# Am I going mad or does this exist???



## carrie3479 (Nov 30, 2005)

I think I have seen a top some where which I am determined to have to wear for my friends wedding but I am not sure whether I have imagined seeing it, seen it on telly or seen it in a shop. Just wondering if any one can confirm whether I am slowly going  or does it actually exist?

Its a kind of lime green satiny shiney material, no arms but a high halter neck with a pussy bow, it comes down just over the hip/belly. This is the style of top http://www.peacocks.co.uk/Products/Womens_Catalogue/Tops/Going_Out_Tops/BLACK_LACE_HALTER_NECK_TOP_-25296016.html
But im sure ive seen it in the green with the pussy bow some where!
I can picture it with either dark grey or black trousers with some heels.

Im trawling the net but cant seem to find it lol.

any pointers!!

Corrina xx

/links


----------



## clairelh1 (Sep 8, 2004)

Coast do this:

http://www.coast-stores.com/fcp/product/-/ALLTops/Salma-Bow-Top/2244558480

But only in black - is this the style you're looking for?

Claire
x

/links


----------



## carrie3479 (Nov 30, 2005)

yes thats very much the style, cheers for that hun. 
I am positive ive seen it somewhere in the green, I bet it was on some bloomin american programme and Ill never be able to find it over here lol.
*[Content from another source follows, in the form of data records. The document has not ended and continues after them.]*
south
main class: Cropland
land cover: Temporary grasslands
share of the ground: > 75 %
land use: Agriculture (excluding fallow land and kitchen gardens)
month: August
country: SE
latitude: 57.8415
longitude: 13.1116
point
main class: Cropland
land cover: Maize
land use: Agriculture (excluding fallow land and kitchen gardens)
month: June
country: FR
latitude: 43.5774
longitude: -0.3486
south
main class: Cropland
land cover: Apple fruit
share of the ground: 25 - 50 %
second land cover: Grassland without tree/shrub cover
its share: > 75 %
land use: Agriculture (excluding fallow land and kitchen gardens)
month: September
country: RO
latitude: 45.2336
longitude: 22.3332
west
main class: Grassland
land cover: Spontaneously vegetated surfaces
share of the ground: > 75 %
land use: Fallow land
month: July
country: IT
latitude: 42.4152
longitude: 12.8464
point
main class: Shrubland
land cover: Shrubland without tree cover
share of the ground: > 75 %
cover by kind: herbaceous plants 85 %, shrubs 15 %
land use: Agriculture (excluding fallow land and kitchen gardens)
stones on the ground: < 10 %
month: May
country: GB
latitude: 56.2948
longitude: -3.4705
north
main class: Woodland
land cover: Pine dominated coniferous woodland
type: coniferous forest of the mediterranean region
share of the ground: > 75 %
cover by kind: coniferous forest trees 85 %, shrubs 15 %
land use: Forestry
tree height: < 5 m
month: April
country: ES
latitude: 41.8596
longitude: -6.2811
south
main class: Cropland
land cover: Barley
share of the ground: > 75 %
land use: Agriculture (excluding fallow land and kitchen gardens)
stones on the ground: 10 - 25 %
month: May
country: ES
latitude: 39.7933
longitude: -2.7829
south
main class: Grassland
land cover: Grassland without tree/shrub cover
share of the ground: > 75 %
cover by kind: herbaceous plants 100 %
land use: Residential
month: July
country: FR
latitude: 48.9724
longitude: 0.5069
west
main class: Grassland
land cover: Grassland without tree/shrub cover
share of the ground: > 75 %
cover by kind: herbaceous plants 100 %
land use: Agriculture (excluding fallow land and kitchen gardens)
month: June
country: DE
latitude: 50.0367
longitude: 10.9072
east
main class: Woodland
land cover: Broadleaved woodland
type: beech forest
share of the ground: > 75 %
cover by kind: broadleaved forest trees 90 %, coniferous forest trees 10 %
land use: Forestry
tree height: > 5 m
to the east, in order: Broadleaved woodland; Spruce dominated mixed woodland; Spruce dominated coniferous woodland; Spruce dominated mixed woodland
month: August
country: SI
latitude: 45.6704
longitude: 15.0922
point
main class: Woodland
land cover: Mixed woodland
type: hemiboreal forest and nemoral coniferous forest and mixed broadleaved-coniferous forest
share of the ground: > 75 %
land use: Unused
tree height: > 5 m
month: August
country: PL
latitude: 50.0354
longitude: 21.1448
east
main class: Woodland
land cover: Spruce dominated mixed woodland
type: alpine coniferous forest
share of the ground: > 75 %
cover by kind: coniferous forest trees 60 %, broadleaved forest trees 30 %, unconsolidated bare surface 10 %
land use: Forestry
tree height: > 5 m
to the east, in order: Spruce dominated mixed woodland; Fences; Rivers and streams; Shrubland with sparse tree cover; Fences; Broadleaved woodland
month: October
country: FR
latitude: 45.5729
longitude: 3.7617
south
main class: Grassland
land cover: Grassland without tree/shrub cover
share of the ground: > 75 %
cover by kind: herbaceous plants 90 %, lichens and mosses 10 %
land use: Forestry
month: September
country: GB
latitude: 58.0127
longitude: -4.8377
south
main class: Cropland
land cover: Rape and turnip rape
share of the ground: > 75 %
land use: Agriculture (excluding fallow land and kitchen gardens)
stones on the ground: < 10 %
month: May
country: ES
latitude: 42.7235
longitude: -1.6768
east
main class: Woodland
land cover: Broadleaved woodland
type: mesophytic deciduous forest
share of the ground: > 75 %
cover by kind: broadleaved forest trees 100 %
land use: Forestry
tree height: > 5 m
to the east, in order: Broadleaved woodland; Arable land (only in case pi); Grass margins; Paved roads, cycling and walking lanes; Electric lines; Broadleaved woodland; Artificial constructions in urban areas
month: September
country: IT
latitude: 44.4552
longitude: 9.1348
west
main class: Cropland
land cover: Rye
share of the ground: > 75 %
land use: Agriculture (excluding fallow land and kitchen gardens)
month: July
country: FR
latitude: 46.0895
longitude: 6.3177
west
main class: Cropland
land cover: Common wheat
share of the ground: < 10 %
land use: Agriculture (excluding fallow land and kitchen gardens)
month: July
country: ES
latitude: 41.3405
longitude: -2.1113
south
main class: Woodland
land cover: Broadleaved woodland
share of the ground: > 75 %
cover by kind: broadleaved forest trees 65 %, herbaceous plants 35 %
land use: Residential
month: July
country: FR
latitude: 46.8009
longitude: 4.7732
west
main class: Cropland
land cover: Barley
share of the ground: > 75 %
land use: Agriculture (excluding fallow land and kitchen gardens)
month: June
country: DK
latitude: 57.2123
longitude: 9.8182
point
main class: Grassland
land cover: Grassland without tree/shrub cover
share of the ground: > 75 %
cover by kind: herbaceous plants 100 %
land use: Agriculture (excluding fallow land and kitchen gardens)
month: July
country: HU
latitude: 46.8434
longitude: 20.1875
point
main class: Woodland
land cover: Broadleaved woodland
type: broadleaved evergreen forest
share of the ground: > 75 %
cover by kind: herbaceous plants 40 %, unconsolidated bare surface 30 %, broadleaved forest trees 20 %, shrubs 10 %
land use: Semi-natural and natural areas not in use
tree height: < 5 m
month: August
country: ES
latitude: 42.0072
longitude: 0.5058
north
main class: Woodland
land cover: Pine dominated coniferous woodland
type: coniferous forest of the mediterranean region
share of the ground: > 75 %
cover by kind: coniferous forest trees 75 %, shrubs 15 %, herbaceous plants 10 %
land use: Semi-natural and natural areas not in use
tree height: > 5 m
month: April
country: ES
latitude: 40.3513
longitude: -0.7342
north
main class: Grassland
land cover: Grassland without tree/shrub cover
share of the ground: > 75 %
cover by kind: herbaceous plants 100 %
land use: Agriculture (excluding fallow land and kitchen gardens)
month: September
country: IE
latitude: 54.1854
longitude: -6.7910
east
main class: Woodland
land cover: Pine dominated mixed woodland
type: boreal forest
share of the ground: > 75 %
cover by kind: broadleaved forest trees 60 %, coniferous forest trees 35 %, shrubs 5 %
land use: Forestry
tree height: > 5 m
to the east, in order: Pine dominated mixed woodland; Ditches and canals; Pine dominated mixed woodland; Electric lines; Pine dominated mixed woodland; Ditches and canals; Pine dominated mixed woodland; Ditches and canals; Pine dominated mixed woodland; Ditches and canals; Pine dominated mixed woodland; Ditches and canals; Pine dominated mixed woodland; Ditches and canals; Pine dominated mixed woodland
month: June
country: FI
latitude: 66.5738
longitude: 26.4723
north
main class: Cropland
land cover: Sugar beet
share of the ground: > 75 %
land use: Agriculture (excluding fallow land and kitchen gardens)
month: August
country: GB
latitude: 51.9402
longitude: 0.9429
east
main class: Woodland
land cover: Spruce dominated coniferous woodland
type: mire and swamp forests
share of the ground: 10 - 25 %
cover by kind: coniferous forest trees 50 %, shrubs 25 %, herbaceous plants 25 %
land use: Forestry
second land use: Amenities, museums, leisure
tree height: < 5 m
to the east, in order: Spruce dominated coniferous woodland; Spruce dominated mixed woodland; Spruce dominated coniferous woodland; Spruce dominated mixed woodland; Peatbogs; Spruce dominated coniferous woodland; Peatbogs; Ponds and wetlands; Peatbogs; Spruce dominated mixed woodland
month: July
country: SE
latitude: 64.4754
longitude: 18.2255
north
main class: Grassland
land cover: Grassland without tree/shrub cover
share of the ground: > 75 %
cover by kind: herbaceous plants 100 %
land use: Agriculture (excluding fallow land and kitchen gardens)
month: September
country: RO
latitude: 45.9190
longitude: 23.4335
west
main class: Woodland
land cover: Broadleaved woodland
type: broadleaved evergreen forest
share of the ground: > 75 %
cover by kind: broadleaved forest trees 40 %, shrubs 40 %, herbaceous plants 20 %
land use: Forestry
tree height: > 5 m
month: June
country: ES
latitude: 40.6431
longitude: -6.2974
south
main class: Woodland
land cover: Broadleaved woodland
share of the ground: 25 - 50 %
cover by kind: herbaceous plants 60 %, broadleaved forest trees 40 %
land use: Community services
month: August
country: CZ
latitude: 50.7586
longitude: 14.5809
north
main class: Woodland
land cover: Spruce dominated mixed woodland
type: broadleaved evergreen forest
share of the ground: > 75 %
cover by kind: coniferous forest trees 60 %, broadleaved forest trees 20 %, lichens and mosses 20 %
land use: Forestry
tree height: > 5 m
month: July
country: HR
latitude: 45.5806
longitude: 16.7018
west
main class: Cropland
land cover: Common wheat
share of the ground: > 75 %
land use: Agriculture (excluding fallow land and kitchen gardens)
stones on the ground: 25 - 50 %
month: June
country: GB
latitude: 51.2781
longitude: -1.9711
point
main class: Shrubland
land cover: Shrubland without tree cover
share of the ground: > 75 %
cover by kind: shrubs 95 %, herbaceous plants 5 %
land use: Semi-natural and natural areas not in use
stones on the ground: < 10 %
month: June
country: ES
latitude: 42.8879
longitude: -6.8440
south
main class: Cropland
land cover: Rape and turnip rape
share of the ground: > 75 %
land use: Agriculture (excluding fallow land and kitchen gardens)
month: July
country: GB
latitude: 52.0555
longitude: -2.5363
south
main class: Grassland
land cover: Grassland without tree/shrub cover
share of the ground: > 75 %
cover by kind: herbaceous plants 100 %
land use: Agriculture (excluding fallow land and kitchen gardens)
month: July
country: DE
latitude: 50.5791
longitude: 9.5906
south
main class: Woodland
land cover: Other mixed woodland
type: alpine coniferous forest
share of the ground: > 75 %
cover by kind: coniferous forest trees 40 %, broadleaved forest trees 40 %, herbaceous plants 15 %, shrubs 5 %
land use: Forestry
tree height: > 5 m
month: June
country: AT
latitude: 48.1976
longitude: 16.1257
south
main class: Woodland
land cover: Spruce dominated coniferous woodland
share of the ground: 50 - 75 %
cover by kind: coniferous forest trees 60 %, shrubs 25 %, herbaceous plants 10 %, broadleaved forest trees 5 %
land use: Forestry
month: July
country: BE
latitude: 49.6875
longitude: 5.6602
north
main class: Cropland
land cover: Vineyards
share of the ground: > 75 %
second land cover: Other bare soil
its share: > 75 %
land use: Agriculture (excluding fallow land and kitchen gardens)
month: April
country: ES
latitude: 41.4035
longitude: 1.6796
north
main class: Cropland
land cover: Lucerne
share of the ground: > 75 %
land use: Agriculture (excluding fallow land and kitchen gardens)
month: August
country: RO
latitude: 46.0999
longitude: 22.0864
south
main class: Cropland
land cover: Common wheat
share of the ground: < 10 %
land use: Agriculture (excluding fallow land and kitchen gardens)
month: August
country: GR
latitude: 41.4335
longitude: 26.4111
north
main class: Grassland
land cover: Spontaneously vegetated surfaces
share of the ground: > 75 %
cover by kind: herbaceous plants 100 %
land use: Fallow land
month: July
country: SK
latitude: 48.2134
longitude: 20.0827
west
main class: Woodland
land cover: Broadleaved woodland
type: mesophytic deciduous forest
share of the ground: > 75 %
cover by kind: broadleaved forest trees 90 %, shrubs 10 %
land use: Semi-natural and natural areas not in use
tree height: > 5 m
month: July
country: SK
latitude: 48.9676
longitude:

Dont you hate it when you have your sights firmly fixed on something lol, Im like a dog with a bone!

Corrina xx


----------



## TwiceBlessed (Nov 8, 2006)

maybe get some material and take a piccie to a dressmaker and they can do one for you


----------



## carrie3479 (Nov 30, 2005)

Wish I had the time lol wedding is saturday   but if I cant find one by then I may have to do that for my mates birthday in September. I do love leaving stuff till the last moment heehee

xx


----------